◆ **What the exercise asks**: Word for word, print the entries that follow.

◆ **Data listing**:
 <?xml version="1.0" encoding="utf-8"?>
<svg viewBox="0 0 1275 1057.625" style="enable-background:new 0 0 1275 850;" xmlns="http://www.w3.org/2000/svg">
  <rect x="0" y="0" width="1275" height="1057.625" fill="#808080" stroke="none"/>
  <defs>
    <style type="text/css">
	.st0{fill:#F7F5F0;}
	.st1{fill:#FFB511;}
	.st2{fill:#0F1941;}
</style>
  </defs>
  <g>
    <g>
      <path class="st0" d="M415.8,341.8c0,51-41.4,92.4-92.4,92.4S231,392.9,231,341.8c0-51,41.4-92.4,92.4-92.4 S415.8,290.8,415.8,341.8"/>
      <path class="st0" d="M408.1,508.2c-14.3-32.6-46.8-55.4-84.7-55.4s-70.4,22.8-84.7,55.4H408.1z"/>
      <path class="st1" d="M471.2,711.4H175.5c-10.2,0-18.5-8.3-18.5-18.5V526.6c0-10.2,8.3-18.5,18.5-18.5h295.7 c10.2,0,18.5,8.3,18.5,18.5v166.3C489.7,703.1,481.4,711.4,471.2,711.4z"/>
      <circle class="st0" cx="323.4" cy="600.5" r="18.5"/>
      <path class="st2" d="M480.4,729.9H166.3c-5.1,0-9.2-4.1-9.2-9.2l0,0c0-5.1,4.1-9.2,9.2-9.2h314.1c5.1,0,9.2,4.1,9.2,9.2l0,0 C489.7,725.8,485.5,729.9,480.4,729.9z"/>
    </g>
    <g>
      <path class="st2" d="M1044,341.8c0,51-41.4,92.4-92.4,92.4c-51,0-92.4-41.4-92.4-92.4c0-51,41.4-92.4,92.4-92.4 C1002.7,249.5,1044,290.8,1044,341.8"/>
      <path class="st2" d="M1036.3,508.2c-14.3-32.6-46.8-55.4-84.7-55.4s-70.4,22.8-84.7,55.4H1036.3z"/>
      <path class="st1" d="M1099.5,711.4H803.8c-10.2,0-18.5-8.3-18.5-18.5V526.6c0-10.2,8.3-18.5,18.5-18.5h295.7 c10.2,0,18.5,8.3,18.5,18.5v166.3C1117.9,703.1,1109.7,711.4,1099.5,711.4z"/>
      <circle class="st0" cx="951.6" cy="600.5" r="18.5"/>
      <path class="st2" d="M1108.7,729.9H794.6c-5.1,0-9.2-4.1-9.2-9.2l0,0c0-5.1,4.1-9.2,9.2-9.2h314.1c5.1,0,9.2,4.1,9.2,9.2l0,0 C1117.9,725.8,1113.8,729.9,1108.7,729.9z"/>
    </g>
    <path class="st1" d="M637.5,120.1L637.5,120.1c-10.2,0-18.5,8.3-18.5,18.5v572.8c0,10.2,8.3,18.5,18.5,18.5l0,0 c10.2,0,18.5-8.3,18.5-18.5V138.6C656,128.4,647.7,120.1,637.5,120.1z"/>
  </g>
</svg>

◆ **Task response**:
 <?xml version="1.0" encoding="utf-8"?>
<svg viewBox="0 0 1275 1057.625" style="enable-background:new 0 0 1275 850;" xmlns="http://www.w3.org/2000/svg">
  <rect x="0" y="0" width="1275" height="1057.625" fill="#808080" stroke="none"/>
  <defs>
    <style type="text/css">
	.st0{fill:#F7F5F0;}
	.st1{fill:#FFB511;}
	.st2{fill:#0F1941;}
</style>
  </defs>
  <g>
    <g>
      <path class="st0" d="M415.8,341.8c0,51-41.4,92.4-92.4,92.4S231,392.9,231,341.8c0-51,41.4-92.4,92.4-92.4 S415.8,290.8,415.8,341.8"/>
      <path class="st0" d="M408.1,508.2c-14.3-32.6-46.8-55.4-84.7-55.4s-70.4,22.8-84.7,55.4H408.1z"/>
      <path class="st1" d="M471.2,711.4H175.5c-10.2,0-18.5-8.3-18.5-18.5V526.6c0-10.2,8.3-18.5,18.5-18.5h295.7 c10.2,0,18.5,8.3,18.5,18.5v166.3C489.7,703.1,481.4,711.4,471.2,711.4z"/>
      <circle class="st0" cx="323.4" cy="600.5" r="18.5"/>
      <path class="st2" d="M480.4,729.9H166.3c-5.1,0-9.2-4.1-9.2-9.2l0,0c0-5.1,4.1-9.2,9.2-9.2h314.1c5.1,0,9.2,4.1,9.2,9.2l0,0 C489.7,725.8,485.5,729.9,480.4,729.9z"/>
    </g>
    <g>
      <path class="st2" d="M1044,341.8c0,51-41.4,92.4-92.4,92.4c-51,0-92.4-41.4-92.4-92.4c0-51,41.4-92.4,92.4-92.4 C1002.7,249.5,1044,290.8,1044,341.8"/>
      <path class="st2" d="M1036.3,508.2c-14.3-32.6-46.8-55.4-84.7-55.4s-70.4,22.8-84.7,55.4H1036.3z"/>
      <path class="st1" d="M1099.5,711.4H803.8c-10.2,0-18.5-8.3-18.5-18.5V526.6c0-10.2,8.3-18.5,18.5-18.5h295.7 c10.2,0,18.5,8.3,18.5,18.5v166.3C1117.9,703.1,1109.7,711.4,1099.5,711.4z"/>
      <circle class="st0" cx="951.6" cy="600.5" r="18.5"/>
      <path class="st2" d="M1108.7,729.9H794.6c-5.1,0-9.2-4.1-9.2-9.2l0,0c0-5.1,4.1-9.2,9.2-9.2h314.1c5.1,0,9.2,4.1,9.2,9.2l0,0 C1117.9,725.8,1113.8,729.9,1108.7,729.9z"/>
    </g>
    <path class="st1" d="M637.5,120.1L637.5,120.1c-10.2,0-18.5,8.3-18.5,18.5v572.8c0,10.2,8.3,18.5,18.5,18.5l0,0 c10.2,0,18.5-8.3,18.5-18.5V138.6C656,128.4,647.7,120.1,637.5,120.1z"/>
  </g>
</svg>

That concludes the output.